X_train = np.reshape(X_train, (len(X_train), 28, 28, 1))
X_test = X_test.astype('float32') / 255.
X_test = np.reshape(X_test, (len(X_test), 28, 28, 1))
return X_train, X_test, input_image
注意:在加载数据时,注意加载训练标签的空间是空的,因为压缩过程不涉及输出标签
第 3 步:定义一个实用函数来构建自动编码器神经网络
def build_network(input_image):
# Building the encoder of the Auto-encoder
x = Conv2D(16, (3, 3), activation ='relu', padding ='same')(input_image)
x = MaxPooling2D((2, 2), padding ='same')(x)
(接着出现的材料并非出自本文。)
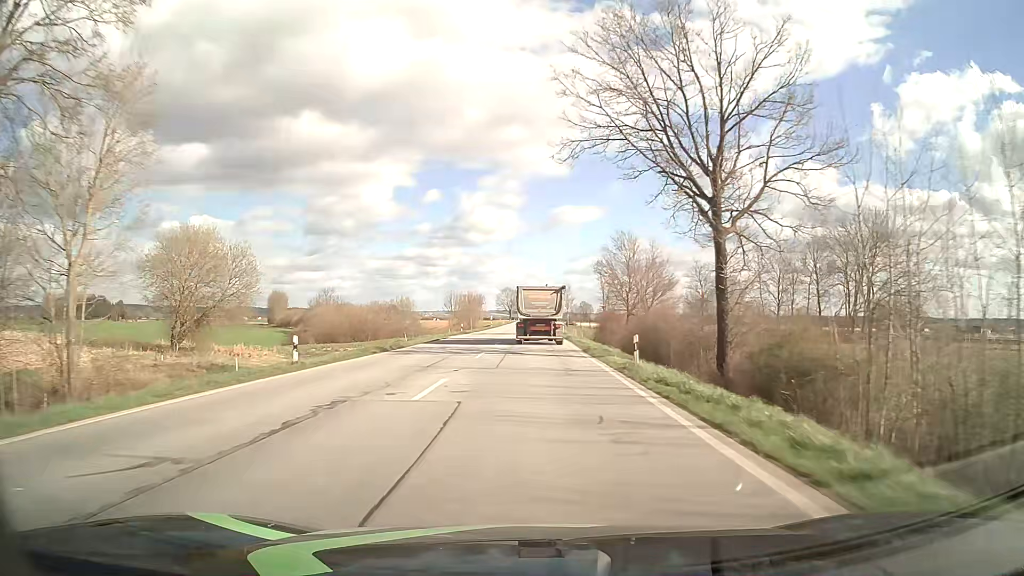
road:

x = Conv2D(8, (3, 3), activation ='relu', padding ='same')(x)
x = MaxPooling2D((2, 2), padding ='same')(x)
x = Conv2D(8, (3, 3), activation ='relu', padding ='same')(x)
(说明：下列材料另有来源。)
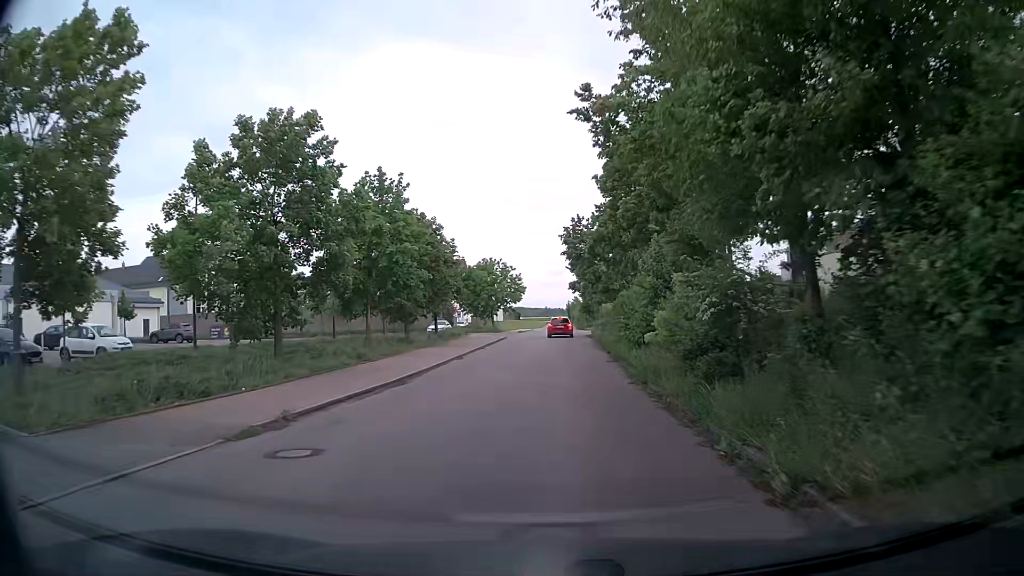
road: residential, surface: asphalt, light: Day
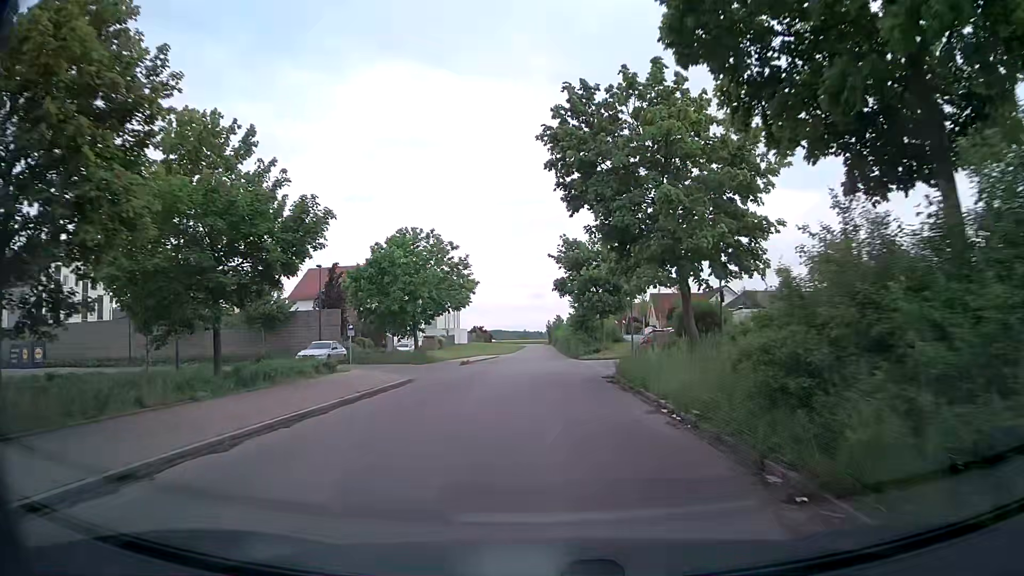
(+0.9, +30.7) m; +3°
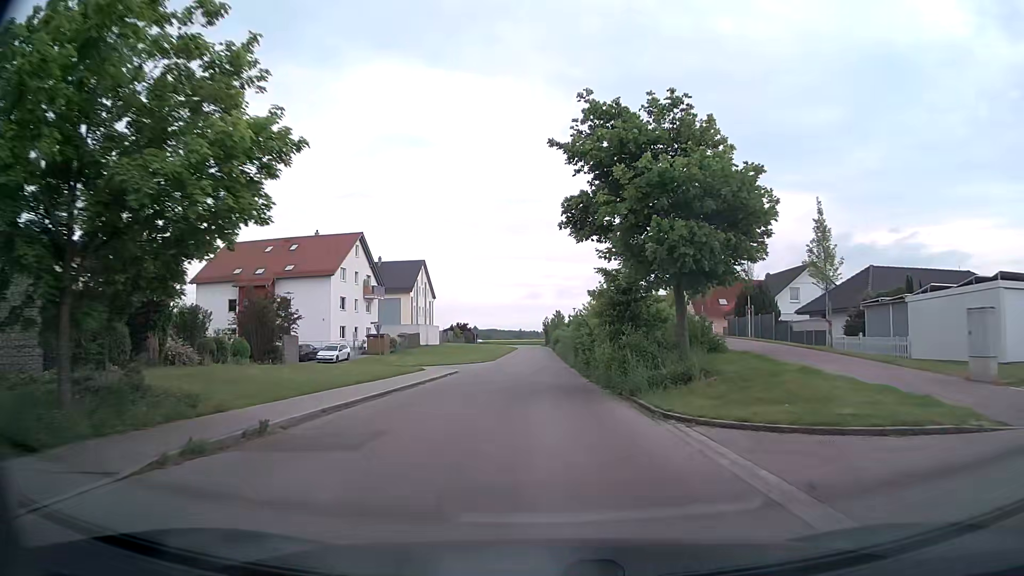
(-0.1, +28.4) m; 0°
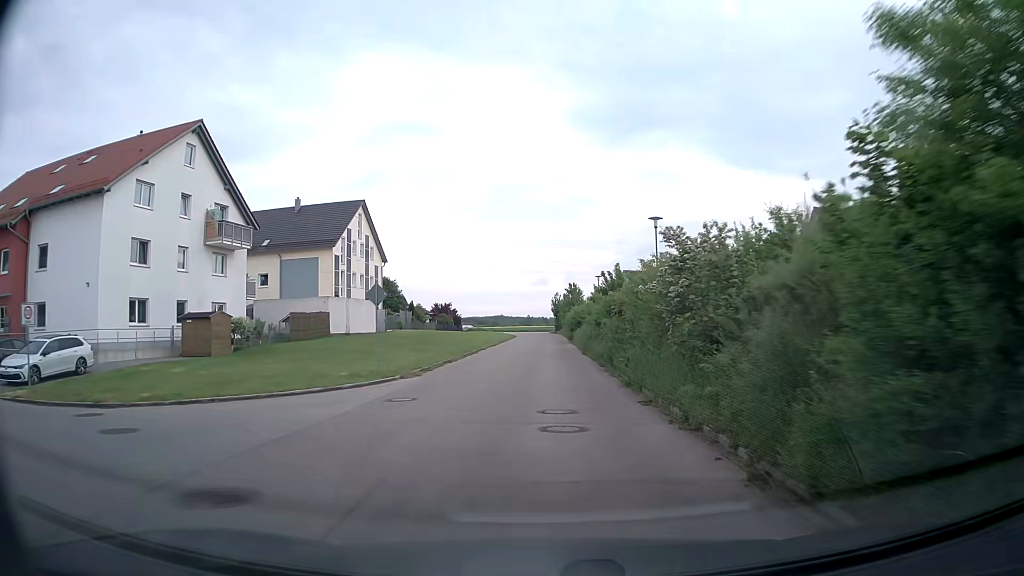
(-0.1, +37.3) m; -1°
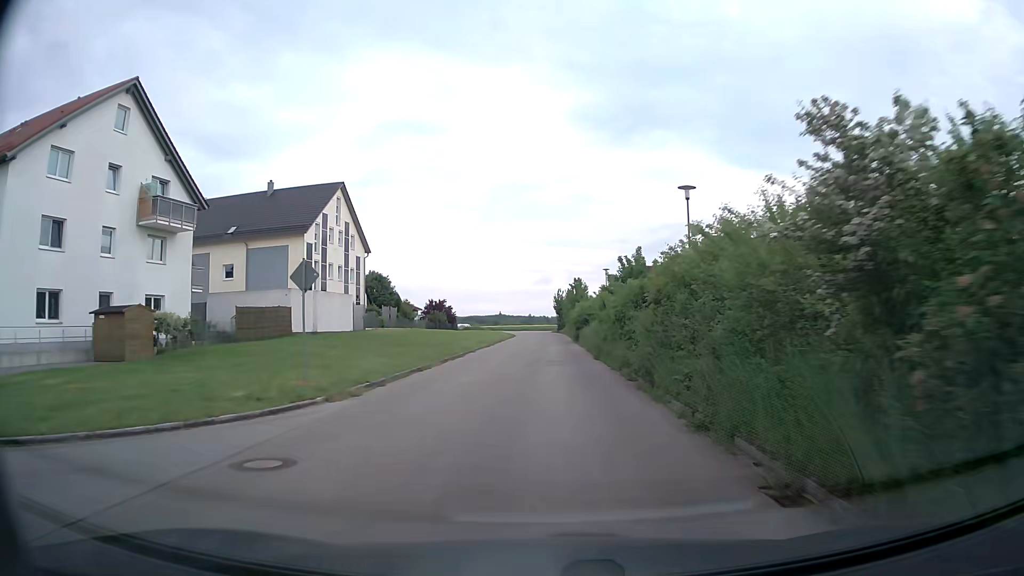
(0.0, +7.3) m; 0°
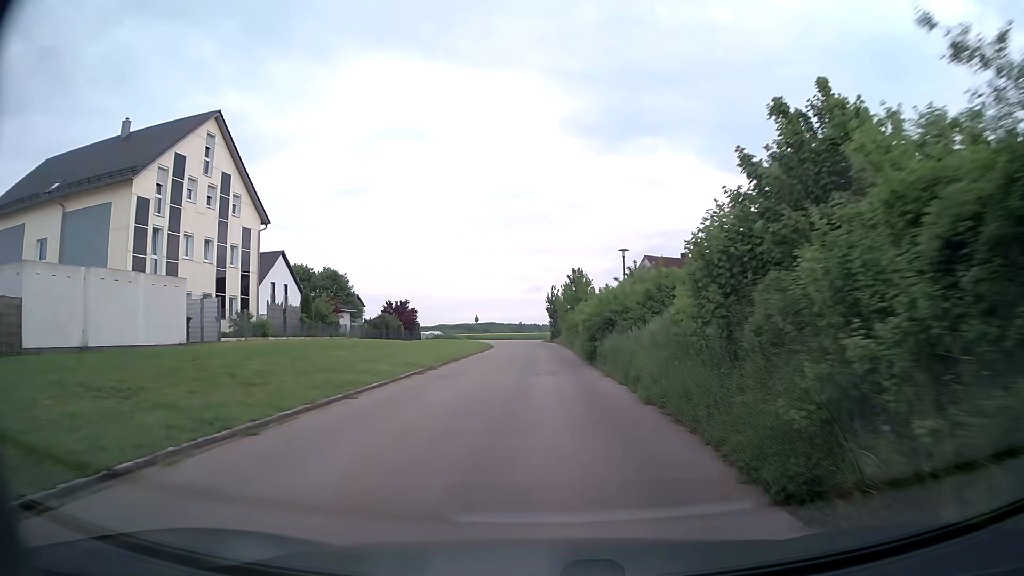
(+0.1, +22.0) m; 0°
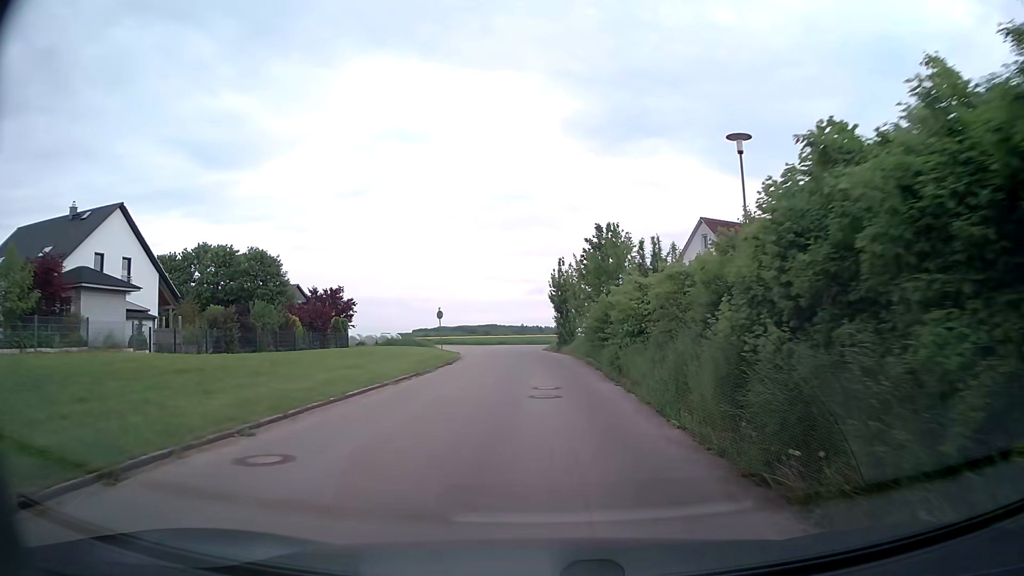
(+0.1, +27.7) m; 0°
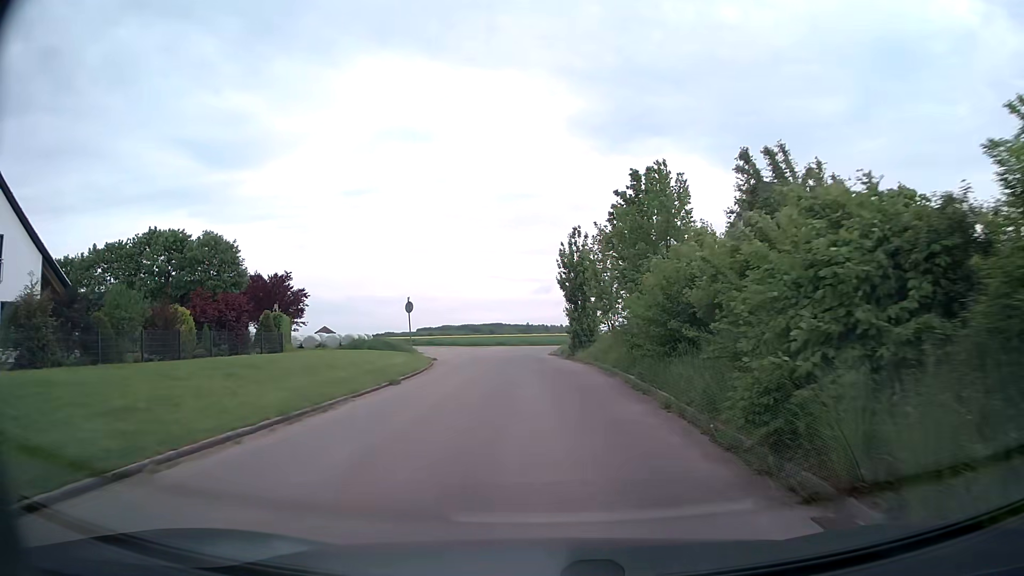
(-0.1, +12.6) m; 0°
(0, +10) (0, +20) (-1, +30) (-1, +40) (+1, +50) (+6, +58) (+14, +64) (+23, +61) (+30, +54) (+39, +50) m

encoded_layer = MaxPooling2D((2, 2), padding ='same')(x)
# Building the decoder of the Auto-encoder
x = Conv2D(8, (3, 3), activation ='relu', padding ='same')(encoded_layer)
x = UpSampling2D((2, 2))(x)
x = Conv2D(8, (3, 3), activation ='relu', padding ='same')(x)
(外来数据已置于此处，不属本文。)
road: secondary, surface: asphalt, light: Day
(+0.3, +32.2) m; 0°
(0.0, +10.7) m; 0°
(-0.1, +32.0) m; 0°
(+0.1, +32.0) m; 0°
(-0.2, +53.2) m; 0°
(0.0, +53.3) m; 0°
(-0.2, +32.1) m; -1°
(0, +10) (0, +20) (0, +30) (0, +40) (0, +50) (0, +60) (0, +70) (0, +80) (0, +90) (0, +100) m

x = UpSampling2D((2, 2))(x)
x = Conv2D(16, (3, 3), activation ='relu')(x)
x = UpSampling2D((2, 2))(x)
decoded_layer = Conv2D(1, (3, 3), activation ='sigmoid', padding ='same')(x)
return decoded_layer
第 4 步:定义一个实用函数来构建和训练自动编码器网络
def build_auto_encoder_model(X_train, X_test, input_image, decoded_layer):
# Defining the parameters of the Auto-encoder
autoencoder = Model(input_image, decoded_layer)
autoencoder.compile(optimizer ='adadelta', loss ='binary_crossentropy')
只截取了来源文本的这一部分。